Une autre promesse électorale non tenue ?

C’est, sans doute, de bonne guerre politique de sortir chaque semaine au Parlement des dossiers cachés de l’ancien régime et surtout les dépenses effectuées par les ministres et institutions gouvernementales ainsi que leurs proches et autres agents nommés par le gouvernement précédent. Ce n’est pas une trouvaille puisque le précédent gouvernement ne ratait pas une occasion pour révéler les dépenses de celui qui l’avait précédé en l’accusant d’avoir… vidé les caisses. Le MSM et ses alliés ont joué à ce jeu au Parlement pendant dix ans. Comme quoi le discours politique, loin de se renouveler, n’est qu’une longue répétition que les uns et les autres utilisent contre leurs adversaires. Ces révélations ne sont, en fait, que les réponses à des questions parlementaires adroitement libellées. Comme si ceux qui les rédigeaient avaient déjà les réponses devant les yeux. Les réponses à ces questions plantées permettent de découvrir, ou de se rappeler, à quel point le MSM, ses partis alliés, leurs proches et leurs chamchas ont puisé dans les caisses de l’État, comme s’ils en étaient les propriétaires. C’est vrai qu’ils avaient un culot monstre de s’octroyer entre eux terrains, permis, missions et voyages à l’étranger avec per diem coûtant des millions aux caisses de l’État. Ces « révélations » incitent les députés de la majorité à pousser des cris scandalisés et font passer un sale quart d’heure aux deux rescapés des 60/0 – grâce au best loser system dont on attend toujours les modifications promises. Quand le vice Premier ministre ne traite pas les deux membres de l’opposition de « cochon », de « coupable », de « vermine » ou les invite à aller se faire pendre. Sans que le président de séance réagisse sur le champ. Il est vrai que, comme dit le proverbe africain, la bouche ne mord pas la main qui nourrit. Ou nomme !

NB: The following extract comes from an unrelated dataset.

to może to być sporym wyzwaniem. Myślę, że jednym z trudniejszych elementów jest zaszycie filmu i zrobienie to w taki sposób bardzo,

Il faut reconnaître qu’à force d’être répétées, ces révélations, provoquées par des questions ciblées, commencent par lasser. Elles commencent à faire partie de ce que l’on pourrait qualifier de folklore parlementaire ordinaire : une pratique qui fait sourire, sans plus. D’autant plus que les responsables des scandales qui sont dénoncés dans le détail au Parlement, chaque semaine, semblent intouchables. Jusqu’à présent, c’est à dire plus de sept mois après le changement de gouvernement et en dépit des révélations faites au Parlement, aucune action n’a été entreprise contre les dilapidateurs des fonds publics patentés. Les rares enquêtes ouvertes contre certains d’entre eux par la FCC semblent se faire au ralenti, au même rythme que celles ouvertes et jamais terminées de feu l’ICAC. Souvenez-vous de la plus célèbre d’entre elles, celle dite Angus Road, dont on attend toujours la conclusion. À moins que depuis, à force de n’avoir pas été ouvert, le dossier ait été, selon la forme administrative consacrée, eaten by rats.
À quoi bon dénoncer les scandales, détailler le montant des sommes dépensées, révéler le nom des protagonistes en ne citant que leurs initiales, s’ils restent impunis ? S’ils ne sont même pas inquiétés en laissant croire qu’à un certain niveau à Maurice, le crime est impuni. Le Mauricien poursuivi parce qu’il n’a pas payé une contravention de quelques centaines de roupies dans les délais se demande, avec raison, pourquoi les criminels en col bleu qui détournent des millions de roupies des caisses de l’État semblent bénéficier d’une impunité totale. C’est le cas des « bénéficiaires » de la Mauritius Investment Corporation, institution dépendant de la banque Centrale, qui leur a attribué des millions, mais dont on refuse de rendre public les noms, ainsi que ceux de leurs agents et courtiers, en raison d’une supposée règle de confidentialité. Non seulement leurs noms semblent relever du secret d’État, mais ils ne font l’objet d’aucune mesure pour les faire rembourser les millions qui leur ont été prêtés. Les parlementaires de la majorité continueront à se scandaliser bruyamment en découvrant les réponses aux questions plantées semaine après semaine impliquant le gaspillage et parfois le détournement de l’argent public. Mais aussi longtemps que le gouvernement se contentera de dénoncer les scandales sans prendre des mesures pour punir les coupables, tout cela restera du folklore post électoral. Et l’engagement répété du gouvernement de mener une lutte sans merci contre la fraude et la corruption sera prise pour une autre promesse électorale non tenue.